An Australian army corporal on patrol in the jungle on the island of New Britain near Papua New Guinea in 1943 found a Pratt & Whitney aircraft engine. Earhart’s plane did have a Pratt & Whitney engine, as did many planes during that time. However, Earhart had radioed that she was running out of fuel near Howland Island, so she could not have flown another 2,000 miles to New Britain.

A 1970 book claimed that Earhart survived crashing in the Pacific and was taken as a prisoner of war by the Japanese. Later, the book continued, Americans discovered her and repatriated her to New Jersey where she lived under an assumed name as Irene Bolom. However, when the real Irene Bolom read the book, she denied this, sued the author, and won.

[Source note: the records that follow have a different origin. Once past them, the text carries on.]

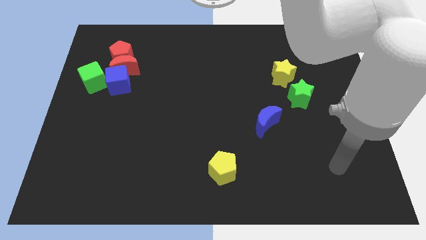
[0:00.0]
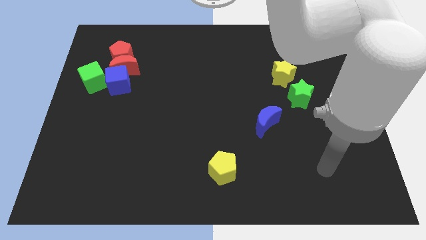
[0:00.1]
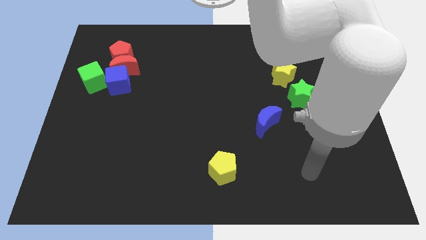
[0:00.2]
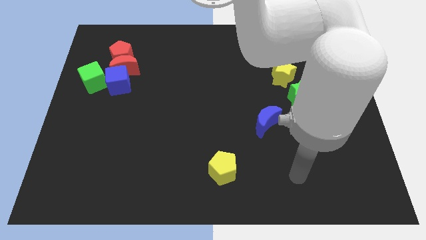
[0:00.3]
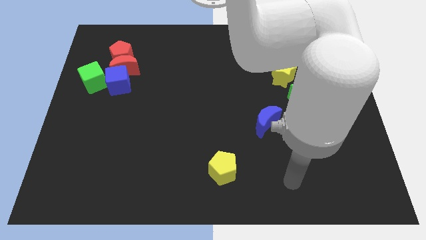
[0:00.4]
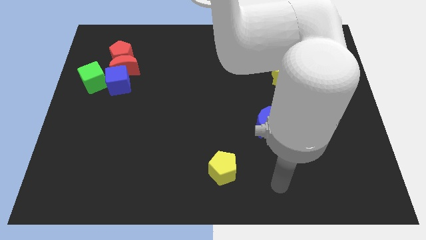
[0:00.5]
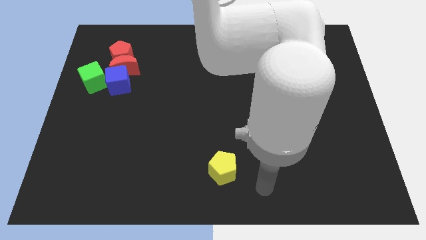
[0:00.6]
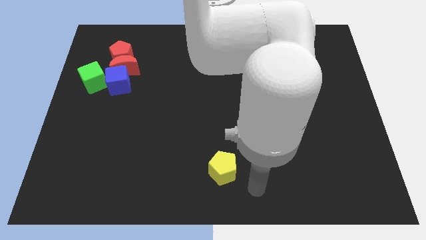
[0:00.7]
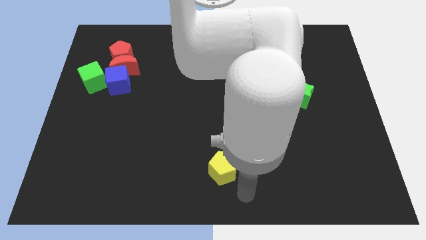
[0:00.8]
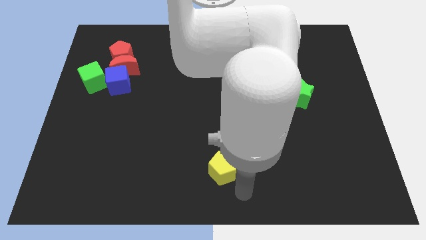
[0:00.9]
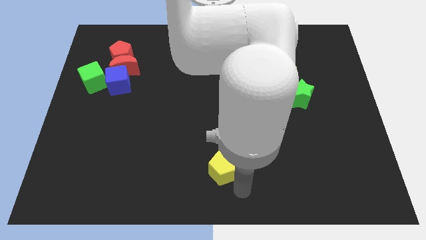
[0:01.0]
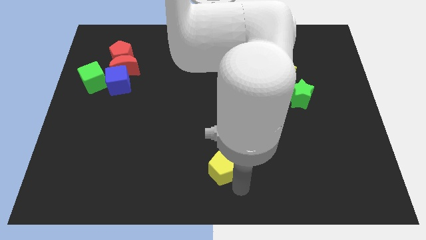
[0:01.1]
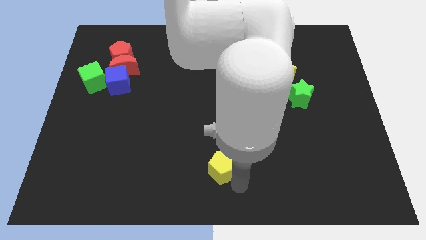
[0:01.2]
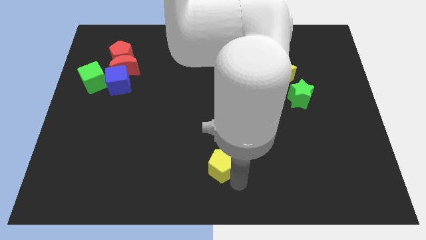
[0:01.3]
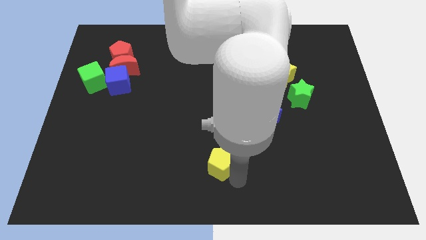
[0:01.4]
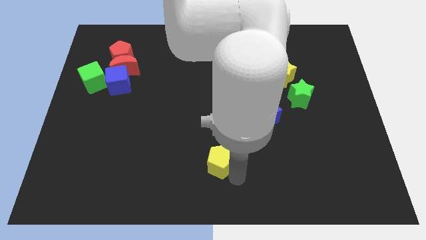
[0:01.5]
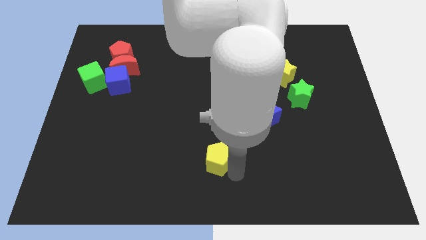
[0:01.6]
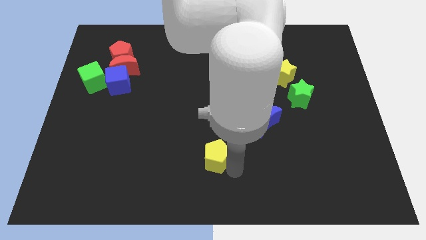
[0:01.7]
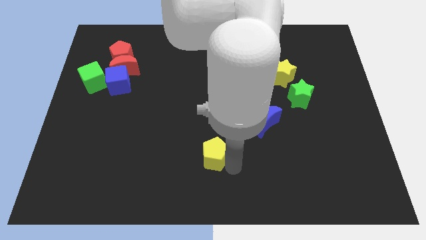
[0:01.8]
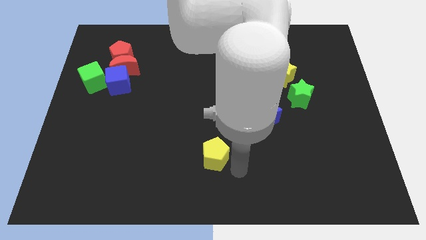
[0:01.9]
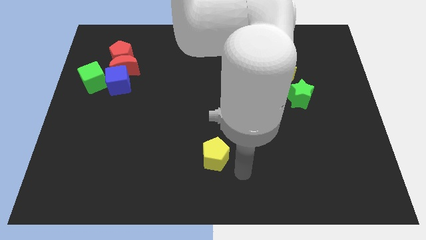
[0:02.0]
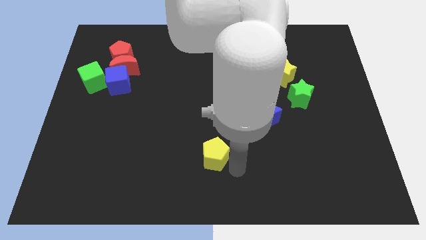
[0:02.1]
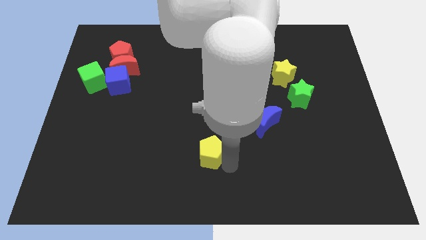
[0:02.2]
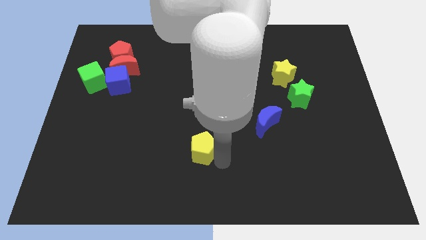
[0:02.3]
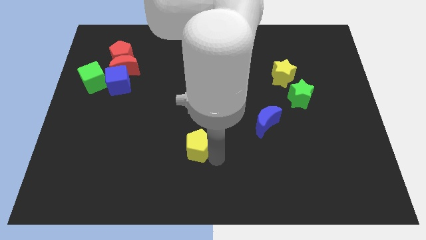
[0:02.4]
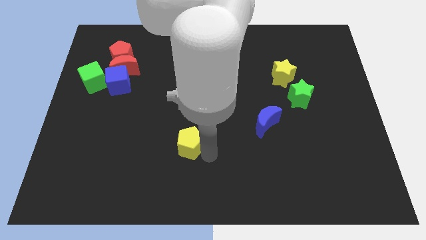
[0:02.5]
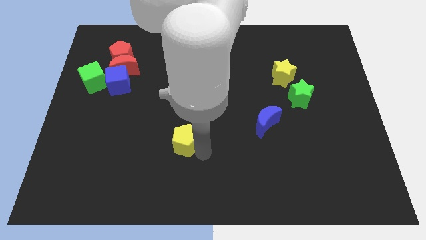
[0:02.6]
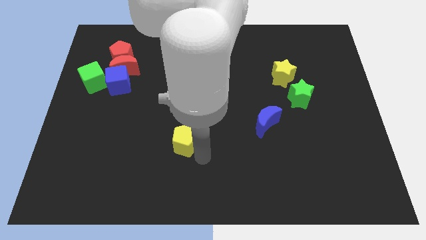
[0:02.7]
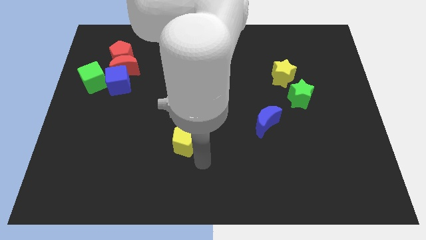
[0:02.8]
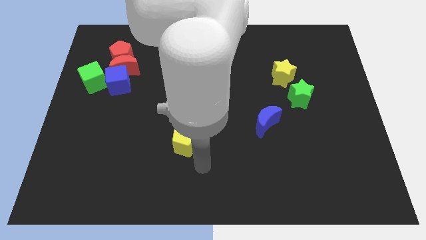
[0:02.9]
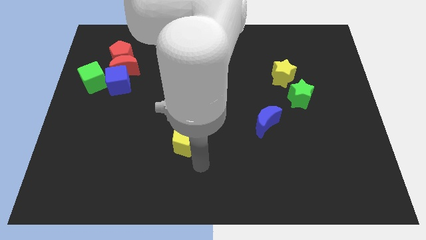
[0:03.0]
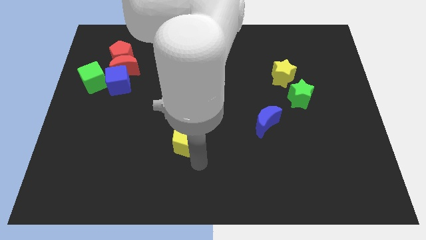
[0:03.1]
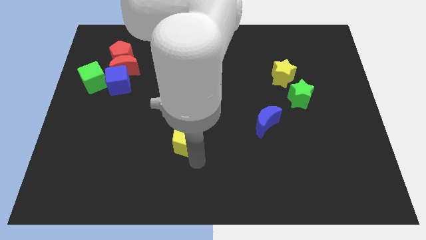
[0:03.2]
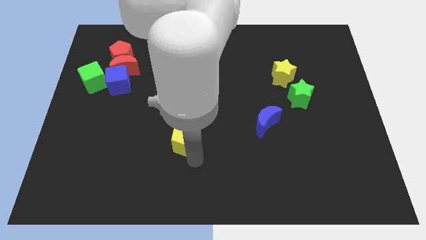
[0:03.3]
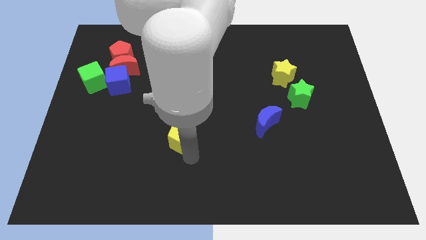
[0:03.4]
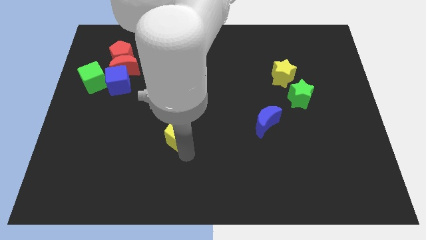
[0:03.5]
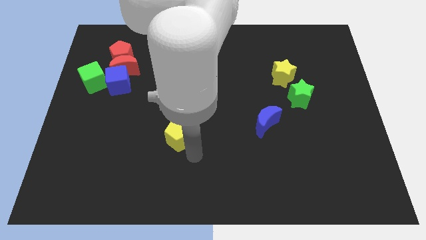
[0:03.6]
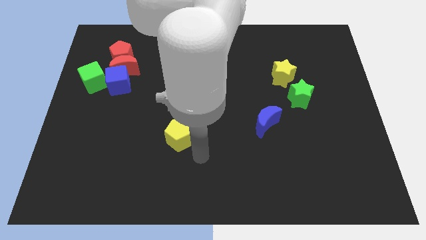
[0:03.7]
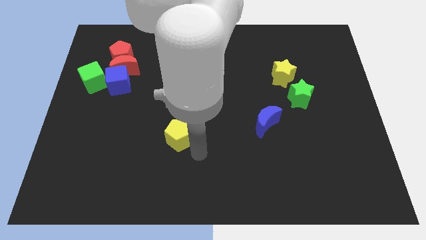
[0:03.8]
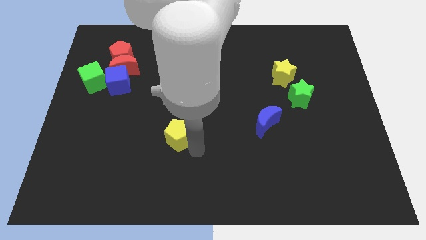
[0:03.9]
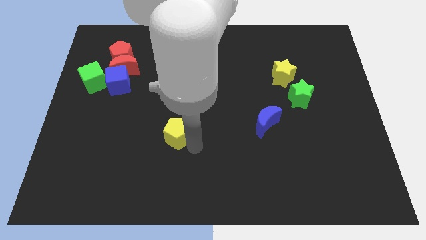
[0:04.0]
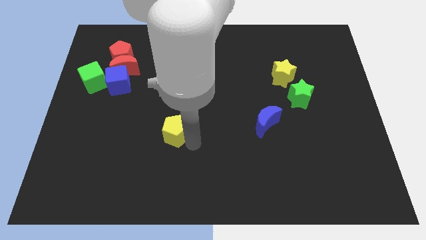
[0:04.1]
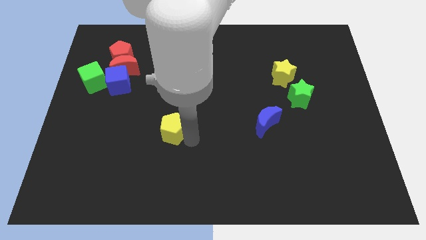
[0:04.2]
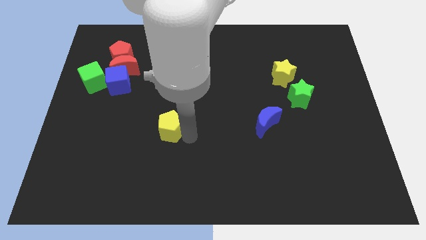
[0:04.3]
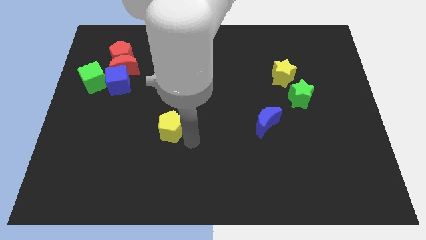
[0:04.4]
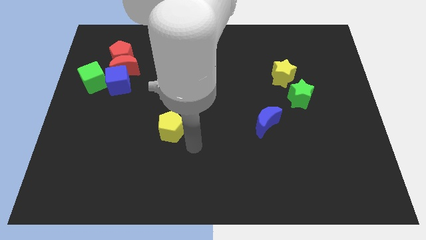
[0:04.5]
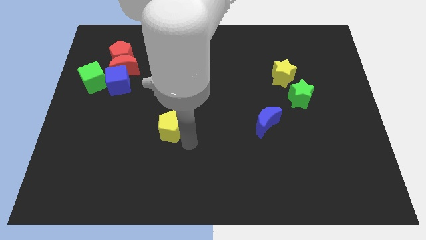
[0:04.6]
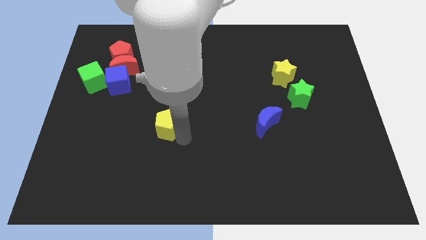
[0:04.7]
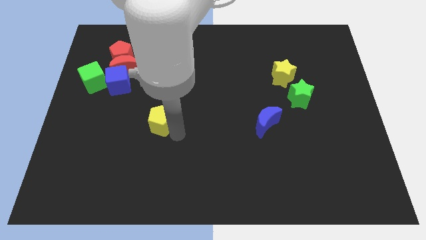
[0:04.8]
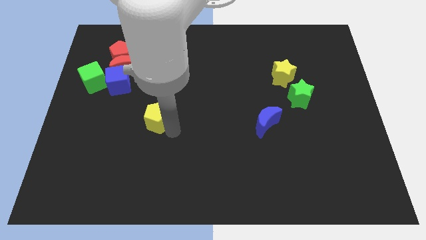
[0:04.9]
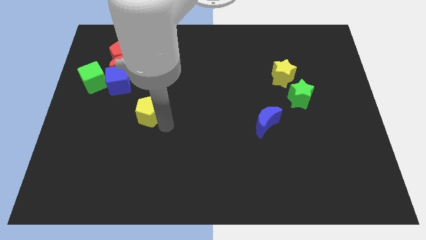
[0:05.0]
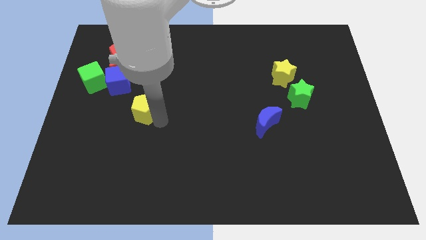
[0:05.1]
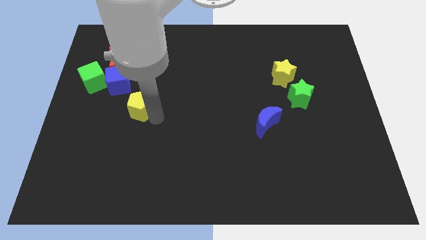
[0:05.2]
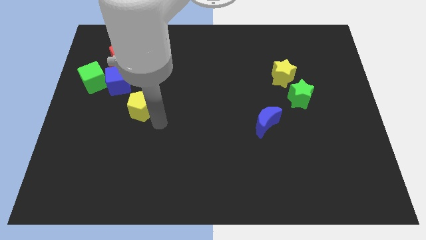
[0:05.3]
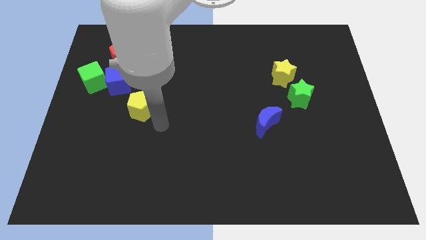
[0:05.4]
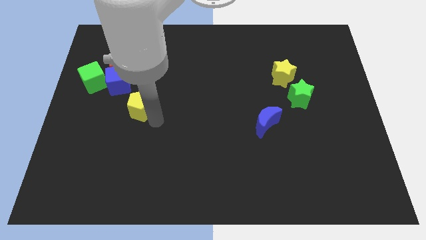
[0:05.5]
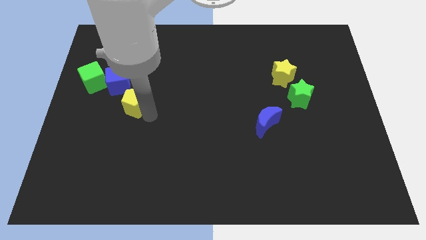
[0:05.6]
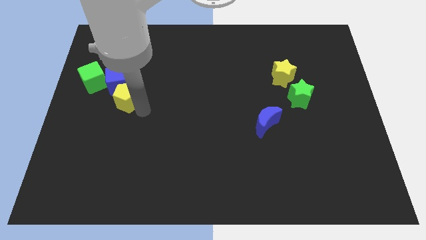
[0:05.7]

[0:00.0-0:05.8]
slide the yellow pentagon to the bottom of the red pentagon

Another rumor circulated that Amelia Earhart had been captured by the Japanese. But this one claimed she was broadcasting over the radio as one of about a dozen English-speaking women collectively known as “Tokyo Rose,” who spread propaganda to disrupt the morale of the Allied troops. George Putnam investigated this rumor at the time and listened to dozens of Tokyo Rose broadcasts. He determined that none of the women was his Amelia Earhart.

Immediately after Earhart and Noonan’s disappearance, the United States Navy and Earhart’s mother expressed belief the flight had ended in the Phoenix Islands, about 350 miles southeast of Howland Island. In 1988, the International Group for Historical Aircraft Recovery, (TIGHAR), began an investigation of the Earhart/Noonan disappearance and since then has sent ten expeditions to the tiny coral atoll of Nikumaroro in the Phoenix Islands. They have suggested that Earhart and Noonan may have flown without further radio transmissions for two and a half hours along the line of position Earhart noted in her last transmission received at Howland, arrived at then-uninhabited Gardner Island (now Nikumaroro), landed on an extensive reef flat near the wreck of a large freighter, the SS Norwich City, and lived as castaways until they ultimately perished.

TIGHAR’s research has produced a range of documented archaeological and anecdotal evidence supporting this hypothesis. For example, in 1940, a British colonial officer and licensed pilot named Gerald Gardiner, radioed his superiors to inform them that he had found a skeleton that was possibly a woman, along with an old-fashioned sextant box under a tree on the island’s southeast corner. He was ordered to send the remains to Fiji, where British authorities took detailed measurements of the bones and concluded they were from a male about 5 feet 5 inches tall. However, in 1998 an analysis of the data by forensic anthropologists indicated the skeleton had belonged to a “tall white female of northern European ancestry,” a description that fits Earhart. Unfortunately, the bones were misplaced in Fiji and have not been found.